◆ Problem statement
Write out, without any change, the lines in the material below that run from the line with "0 C0.99 0.66" through the line with "C1.98 0 3.96", both included.

◆ Data extract
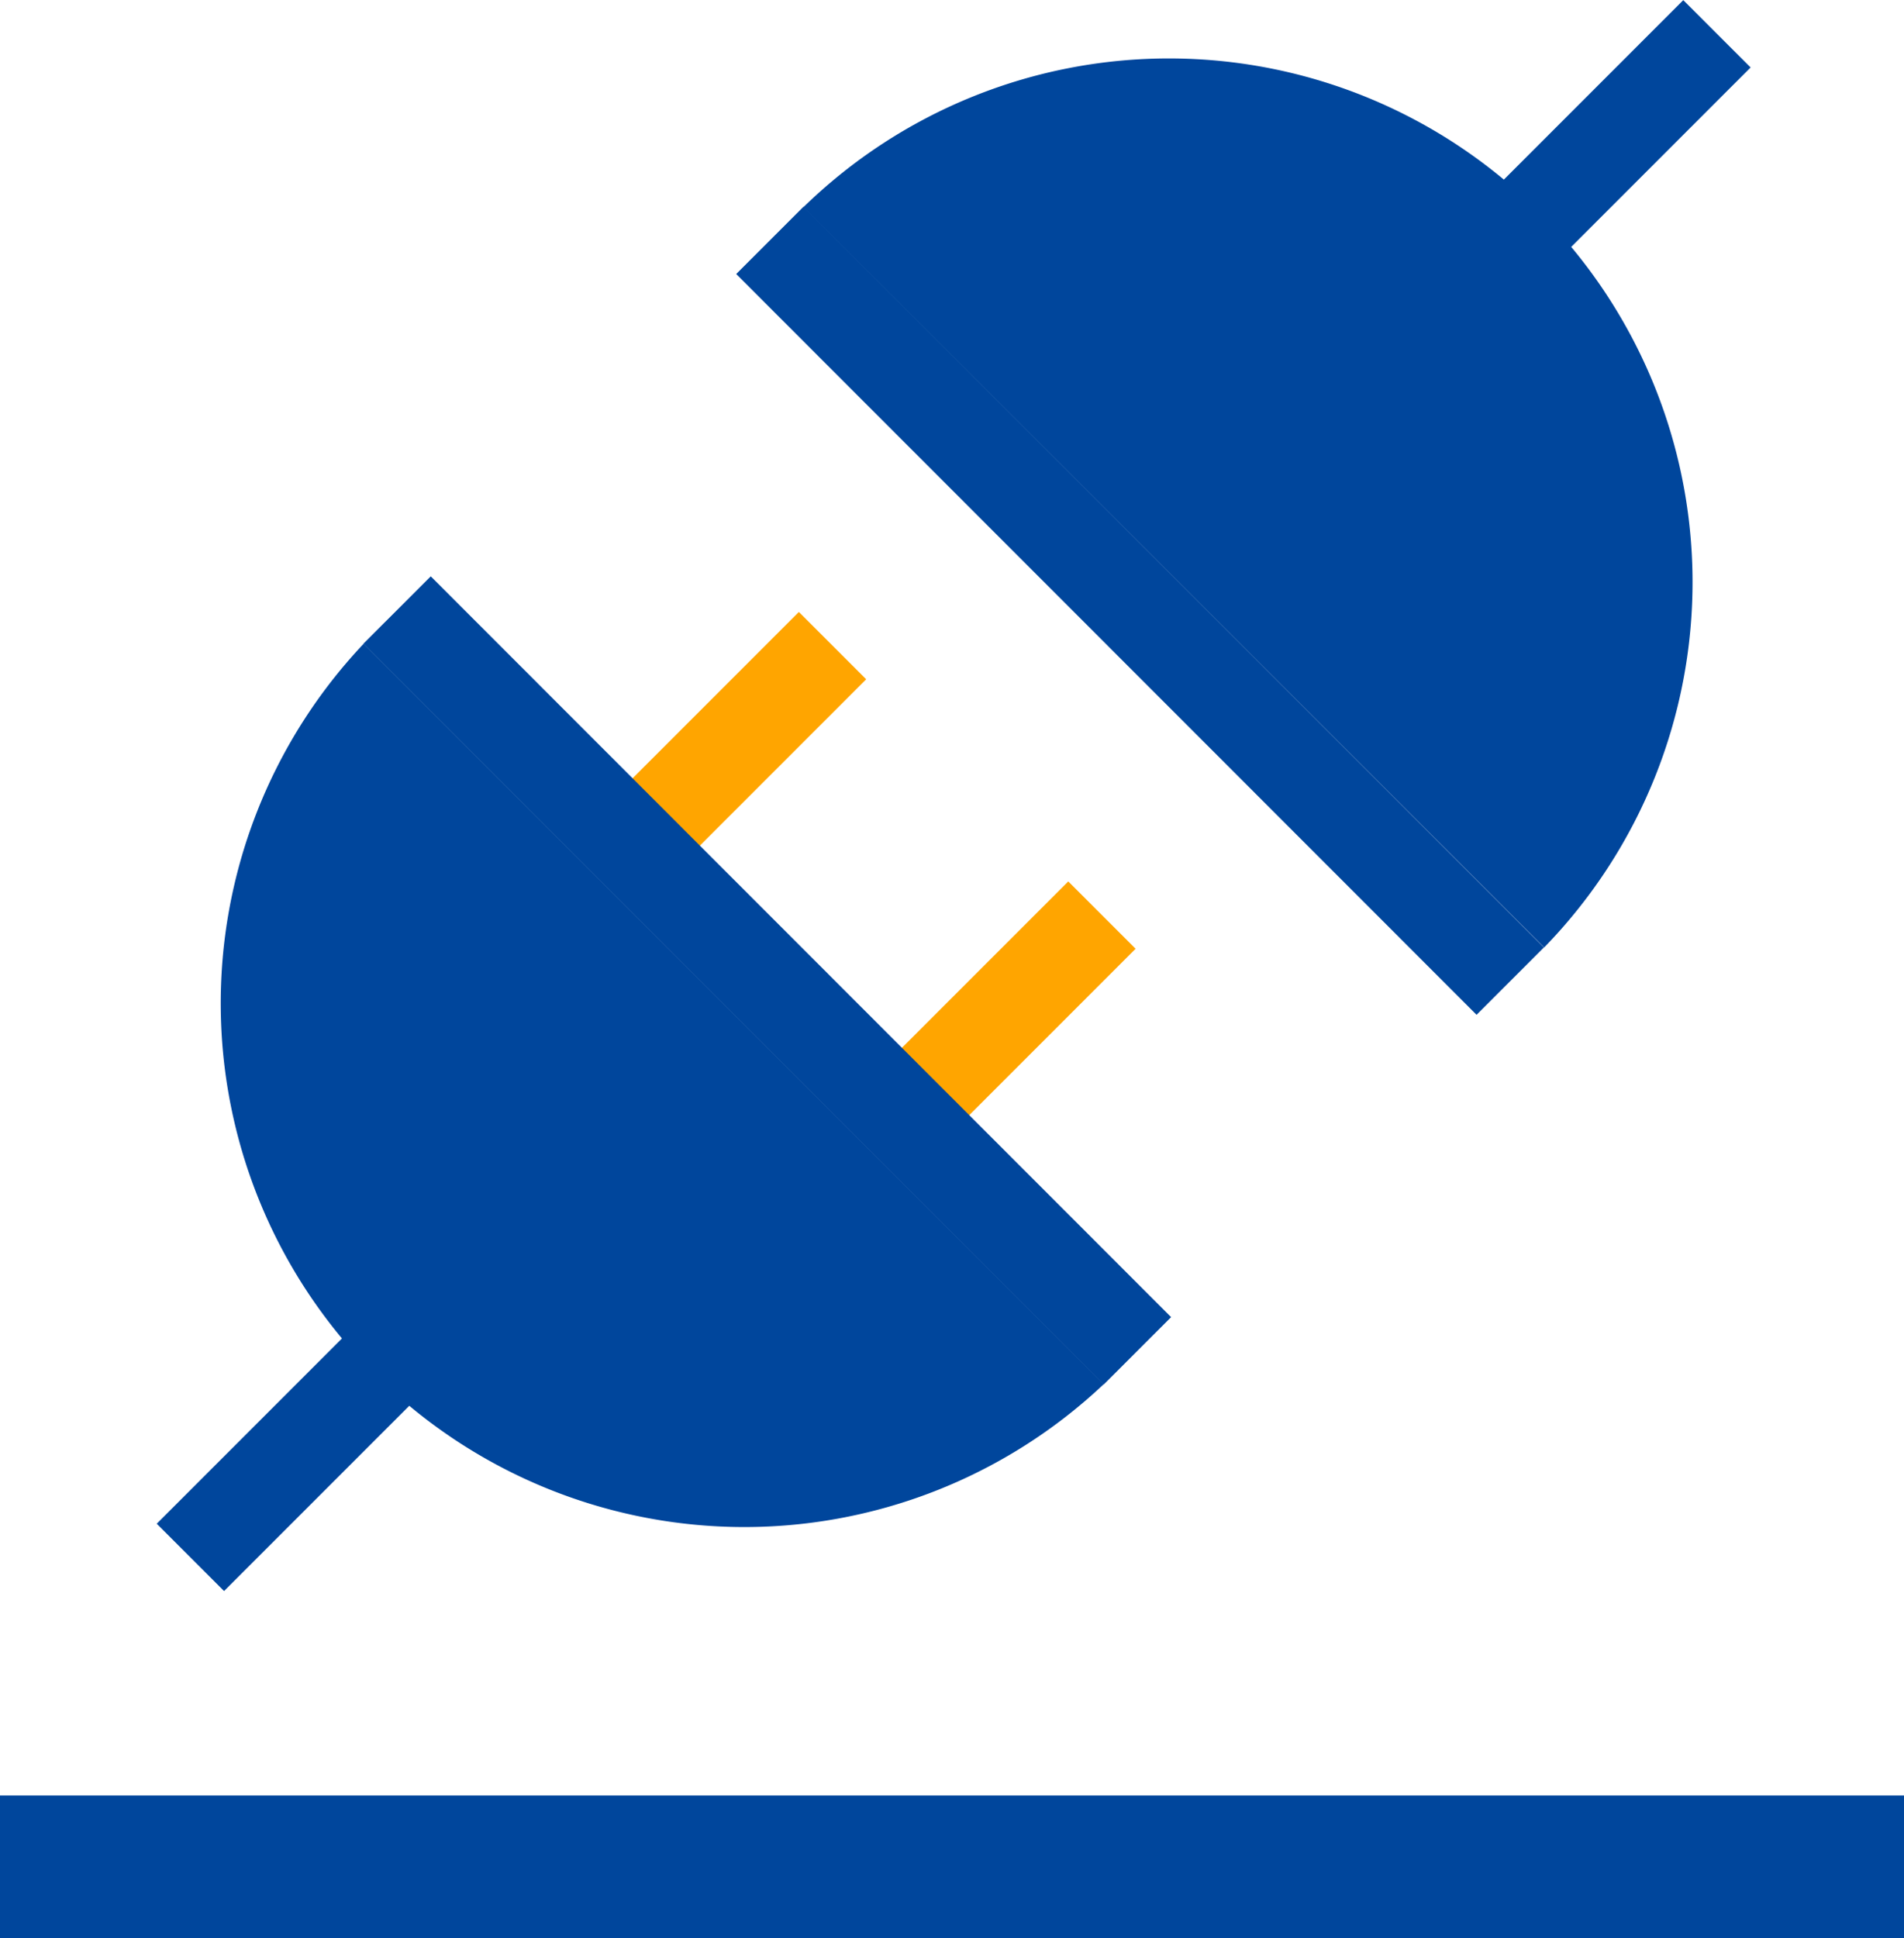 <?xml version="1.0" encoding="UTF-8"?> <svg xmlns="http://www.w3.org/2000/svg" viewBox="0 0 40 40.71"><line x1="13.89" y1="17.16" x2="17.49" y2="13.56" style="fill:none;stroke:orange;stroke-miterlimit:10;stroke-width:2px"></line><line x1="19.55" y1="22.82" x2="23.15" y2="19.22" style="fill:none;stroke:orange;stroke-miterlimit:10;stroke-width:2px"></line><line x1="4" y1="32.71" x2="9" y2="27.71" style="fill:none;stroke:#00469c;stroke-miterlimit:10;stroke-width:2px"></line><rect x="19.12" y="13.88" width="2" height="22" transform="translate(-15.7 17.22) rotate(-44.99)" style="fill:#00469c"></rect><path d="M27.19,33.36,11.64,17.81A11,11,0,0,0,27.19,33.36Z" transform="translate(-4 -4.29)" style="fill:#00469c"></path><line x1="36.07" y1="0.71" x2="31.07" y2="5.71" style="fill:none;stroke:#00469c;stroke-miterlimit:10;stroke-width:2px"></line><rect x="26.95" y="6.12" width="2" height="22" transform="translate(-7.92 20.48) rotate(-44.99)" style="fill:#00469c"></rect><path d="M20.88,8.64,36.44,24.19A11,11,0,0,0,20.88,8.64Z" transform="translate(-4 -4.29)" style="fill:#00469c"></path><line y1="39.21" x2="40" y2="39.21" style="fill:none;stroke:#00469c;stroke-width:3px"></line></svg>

---

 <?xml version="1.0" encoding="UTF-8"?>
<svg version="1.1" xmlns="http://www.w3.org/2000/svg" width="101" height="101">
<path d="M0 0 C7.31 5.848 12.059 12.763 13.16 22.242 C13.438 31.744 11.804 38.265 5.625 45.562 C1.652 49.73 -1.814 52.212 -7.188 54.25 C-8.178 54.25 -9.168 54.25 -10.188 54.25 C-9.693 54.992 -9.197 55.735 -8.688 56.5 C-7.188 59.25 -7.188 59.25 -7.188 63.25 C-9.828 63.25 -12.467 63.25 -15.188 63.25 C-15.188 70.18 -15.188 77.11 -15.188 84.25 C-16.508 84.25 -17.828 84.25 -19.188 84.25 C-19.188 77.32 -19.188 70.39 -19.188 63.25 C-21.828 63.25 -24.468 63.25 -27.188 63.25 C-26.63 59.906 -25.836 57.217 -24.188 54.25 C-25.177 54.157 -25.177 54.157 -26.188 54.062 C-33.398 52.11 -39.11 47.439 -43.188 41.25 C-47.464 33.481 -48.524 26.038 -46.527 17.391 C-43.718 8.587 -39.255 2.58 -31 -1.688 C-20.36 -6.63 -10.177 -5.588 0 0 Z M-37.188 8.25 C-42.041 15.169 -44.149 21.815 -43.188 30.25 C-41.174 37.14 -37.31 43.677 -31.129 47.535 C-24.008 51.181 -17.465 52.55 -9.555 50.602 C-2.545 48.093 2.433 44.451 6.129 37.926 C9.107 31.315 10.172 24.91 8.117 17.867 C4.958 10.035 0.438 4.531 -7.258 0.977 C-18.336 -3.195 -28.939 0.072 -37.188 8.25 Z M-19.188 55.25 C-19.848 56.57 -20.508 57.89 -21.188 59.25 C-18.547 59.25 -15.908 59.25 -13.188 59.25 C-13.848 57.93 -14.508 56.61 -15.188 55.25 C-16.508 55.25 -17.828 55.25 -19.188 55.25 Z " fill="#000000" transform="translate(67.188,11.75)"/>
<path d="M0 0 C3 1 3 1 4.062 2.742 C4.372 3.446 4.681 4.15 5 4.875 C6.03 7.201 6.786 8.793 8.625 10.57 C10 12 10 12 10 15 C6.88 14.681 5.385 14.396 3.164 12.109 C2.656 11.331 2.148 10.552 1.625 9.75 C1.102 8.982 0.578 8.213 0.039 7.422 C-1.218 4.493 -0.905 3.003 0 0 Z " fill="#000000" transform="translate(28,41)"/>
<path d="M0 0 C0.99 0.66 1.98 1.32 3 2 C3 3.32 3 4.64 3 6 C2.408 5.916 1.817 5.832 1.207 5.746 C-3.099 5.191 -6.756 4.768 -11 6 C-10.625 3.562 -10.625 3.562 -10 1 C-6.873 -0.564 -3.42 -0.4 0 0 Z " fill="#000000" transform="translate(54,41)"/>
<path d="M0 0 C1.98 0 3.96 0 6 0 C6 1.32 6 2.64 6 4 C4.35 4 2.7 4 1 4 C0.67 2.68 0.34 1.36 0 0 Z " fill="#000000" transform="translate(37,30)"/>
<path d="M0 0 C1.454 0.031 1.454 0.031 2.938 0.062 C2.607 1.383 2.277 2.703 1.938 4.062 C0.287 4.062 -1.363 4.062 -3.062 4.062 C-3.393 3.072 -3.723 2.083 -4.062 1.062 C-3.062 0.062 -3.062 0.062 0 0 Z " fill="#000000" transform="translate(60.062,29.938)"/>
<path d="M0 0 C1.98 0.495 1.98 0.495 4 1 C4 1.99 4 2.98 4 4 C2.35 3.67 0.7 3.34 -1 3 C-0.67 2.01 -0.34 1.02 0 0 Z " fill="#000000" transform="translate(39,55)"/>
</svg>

◆ Output of the task
<path d="M0 0 C0.99 0.66 1.98 1.32 3 2 C3 3.32 3 4.64 3 6 C2.408 5.916 1.817 5.832 1.207 5.746 C-3.099 5.191 -6.756 4.768 -11 6 C-10.625 3.562 -10.625 3.562 -10 1 C-6.873 -0.564 -3.42 -0.4 0 0 Z " fill="#000000" transform="translate(54,41)"/>
<path d="M0 0 C1.98 0 3.96 0 6 0 C6 1.32 6 2.64 6 4 C4.35 4 2.7 4 1 4 C0.67 2.68 0.34 1.36 0 0 Z " fill="#000000" transform="translate(37,30)"/>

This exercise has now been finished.